» PROVIDED DATA:
────
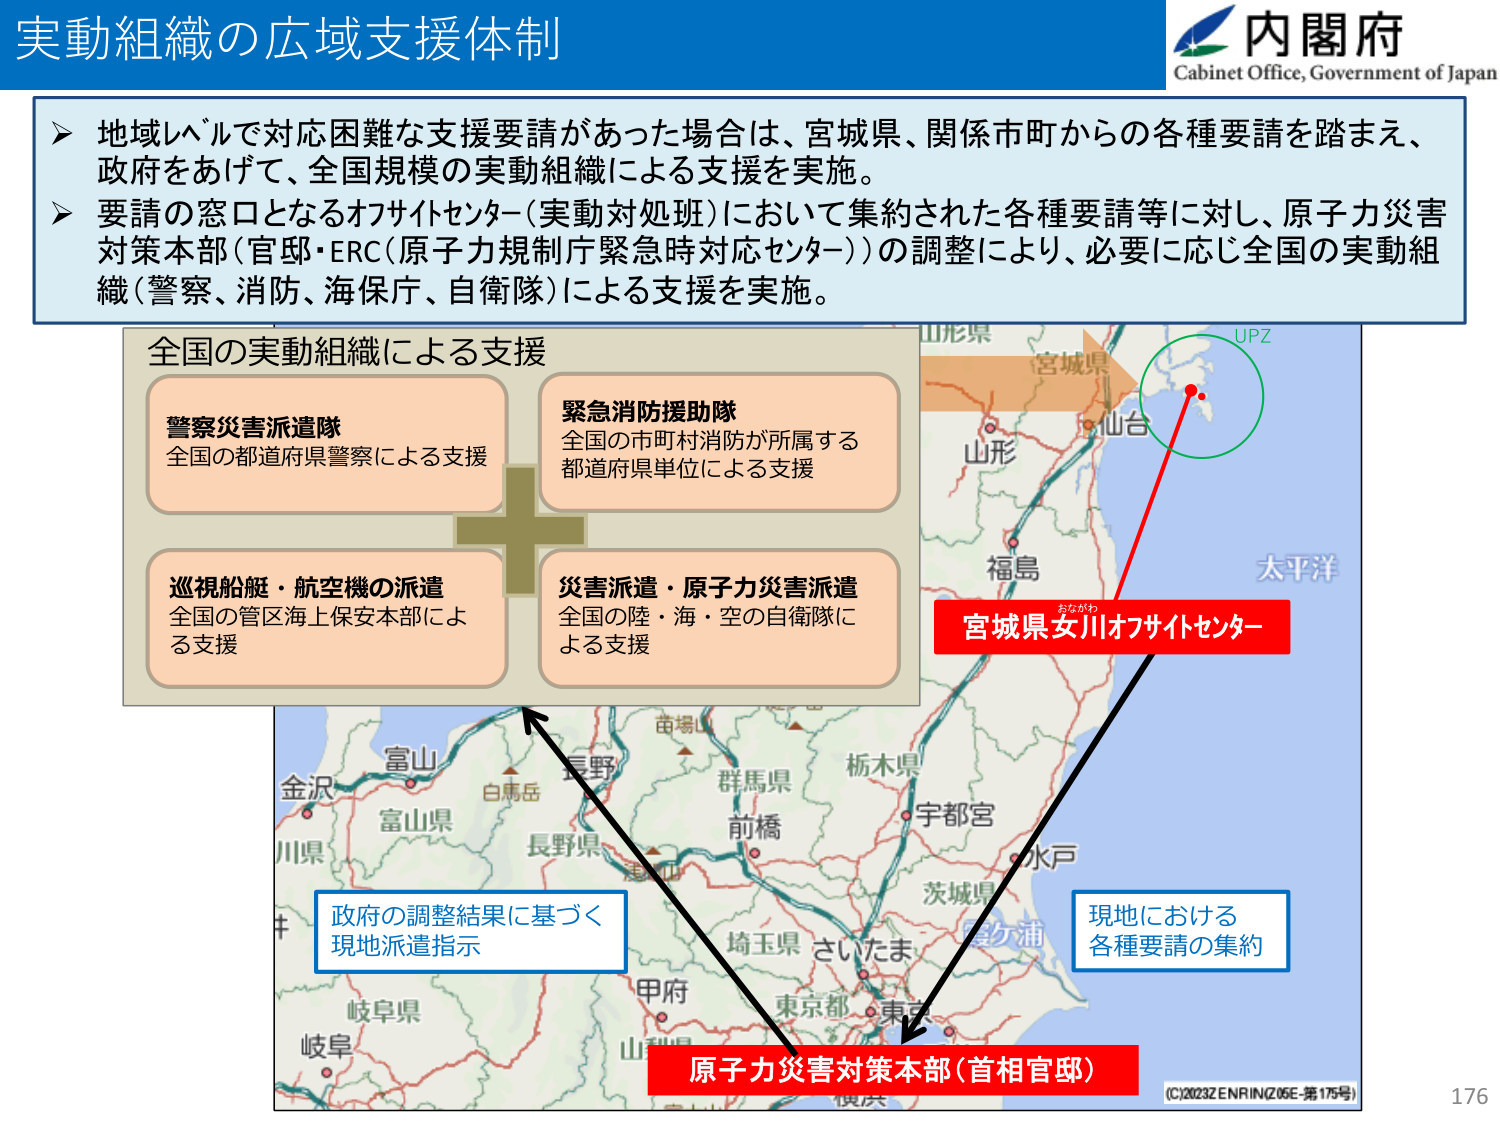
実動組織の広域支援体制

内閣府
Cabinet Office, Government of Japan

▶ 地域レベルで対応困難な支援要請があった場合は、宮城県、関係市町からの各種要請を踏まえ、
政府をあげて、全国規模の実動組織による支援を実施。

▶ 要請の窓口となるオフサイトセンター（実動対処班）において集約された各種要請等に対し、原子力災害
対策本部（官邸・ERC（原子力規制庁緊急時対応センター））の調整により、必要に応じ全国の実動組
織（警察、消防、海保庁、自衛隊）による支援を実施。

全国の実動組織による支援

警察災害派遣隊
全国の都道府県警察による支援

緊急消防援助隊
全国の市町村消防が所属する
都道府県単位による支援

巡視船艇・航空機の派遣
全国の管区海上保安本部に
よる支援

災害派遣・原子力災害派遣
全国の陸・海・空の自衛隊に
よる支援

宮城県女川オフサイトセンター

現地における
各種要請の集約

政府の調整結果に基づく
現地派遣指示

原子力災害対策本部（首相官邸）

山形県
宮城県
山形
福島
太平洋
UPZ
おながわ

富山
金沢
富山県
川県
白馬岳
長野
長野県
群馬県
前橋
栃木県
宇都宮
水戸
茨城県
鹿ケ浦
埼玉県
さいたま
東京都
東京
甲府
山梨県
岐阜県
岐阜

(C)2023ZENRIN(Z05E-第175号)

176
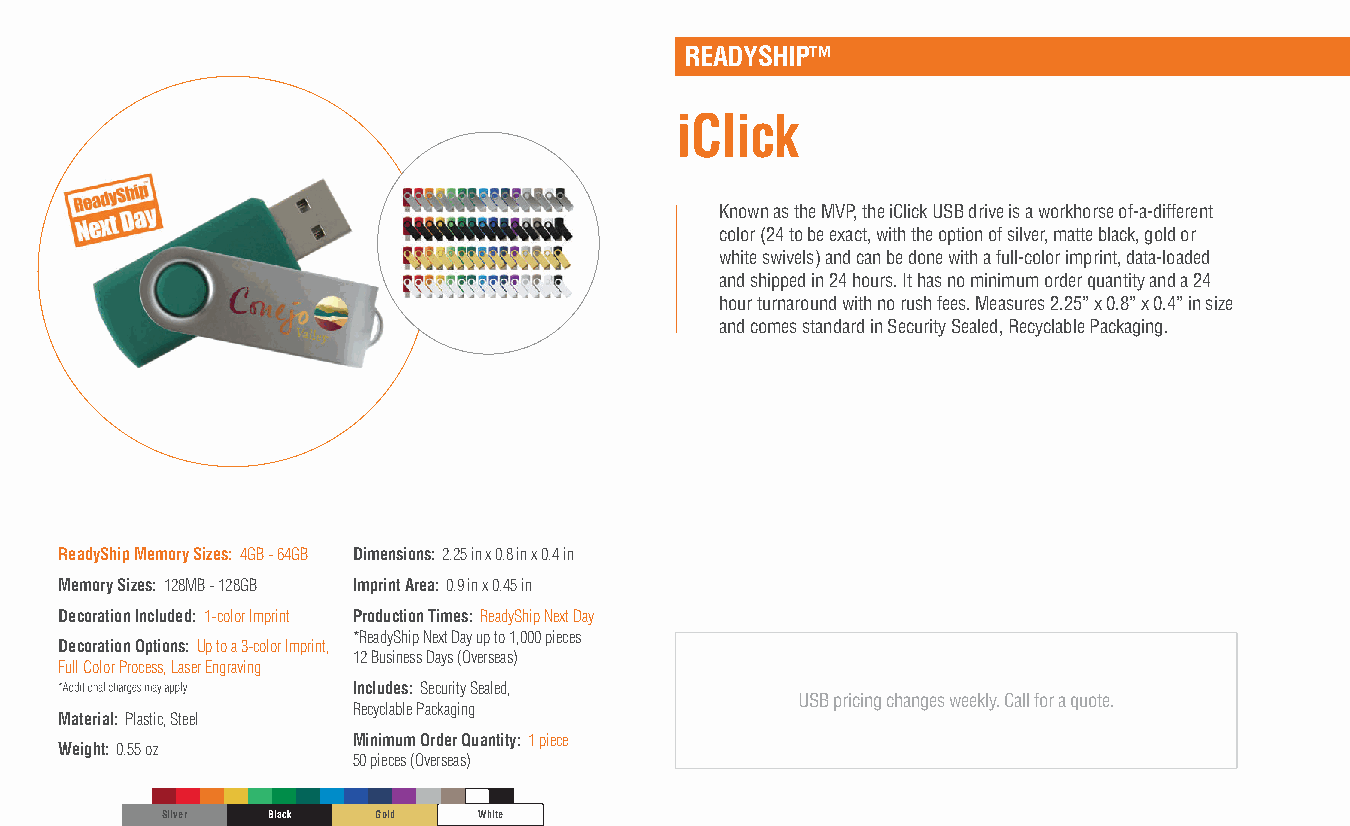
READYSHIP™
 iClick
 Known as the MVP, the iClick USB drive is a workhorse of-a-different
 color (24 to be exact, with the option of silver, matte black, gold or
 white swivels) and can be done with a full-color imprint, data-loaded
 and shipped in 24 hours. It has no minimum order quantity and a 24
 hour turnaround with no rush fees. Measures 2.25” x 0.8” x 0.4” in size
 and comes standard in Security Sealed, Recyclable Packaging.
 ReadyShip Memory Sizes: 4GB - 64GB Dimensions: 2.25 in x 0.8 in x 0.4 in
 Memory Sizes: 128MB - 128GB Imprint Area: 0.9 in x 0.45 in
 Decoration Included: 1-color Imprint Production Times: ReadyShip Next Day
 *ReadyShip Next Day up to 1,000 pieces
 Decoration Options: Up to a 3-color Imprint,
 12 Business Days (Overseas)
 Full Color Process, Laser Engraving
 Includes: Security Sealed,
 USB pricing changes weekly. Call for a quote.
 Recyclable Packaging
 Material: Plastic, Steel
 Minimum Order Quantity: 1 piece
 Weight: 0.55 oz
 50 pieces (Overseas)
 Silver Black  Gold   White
────
» WHAT THIS TASK INVOLVES:
Only those lines of the entries above that run from the line containing "color (24 to" to the line containing "Memory Sizes: 128MB", both included, should be transcribed exactly.

» ANSWER AREA:
 color (24 to be exact, with the option of silver, matte black, gold or
 white swivels) and can be done with a full-color imprint, data-loaded
 and shipped in 24 hours. It has no minimum order quantity and a 24
 hour turnaround with no rush fees. Measures 2.25” x 0.8” x 0.4” in size
 and comes standard in Security Sealed, Recyclable Packaging.
 ReadyShip Memory Sizes: 4GB - 64GB Dimensions: 2.25 in x 0.8 in x 0.4 in
 Memory Sizes: 128MB - 128GB Imprint Area: 0.9 in x 0.45 in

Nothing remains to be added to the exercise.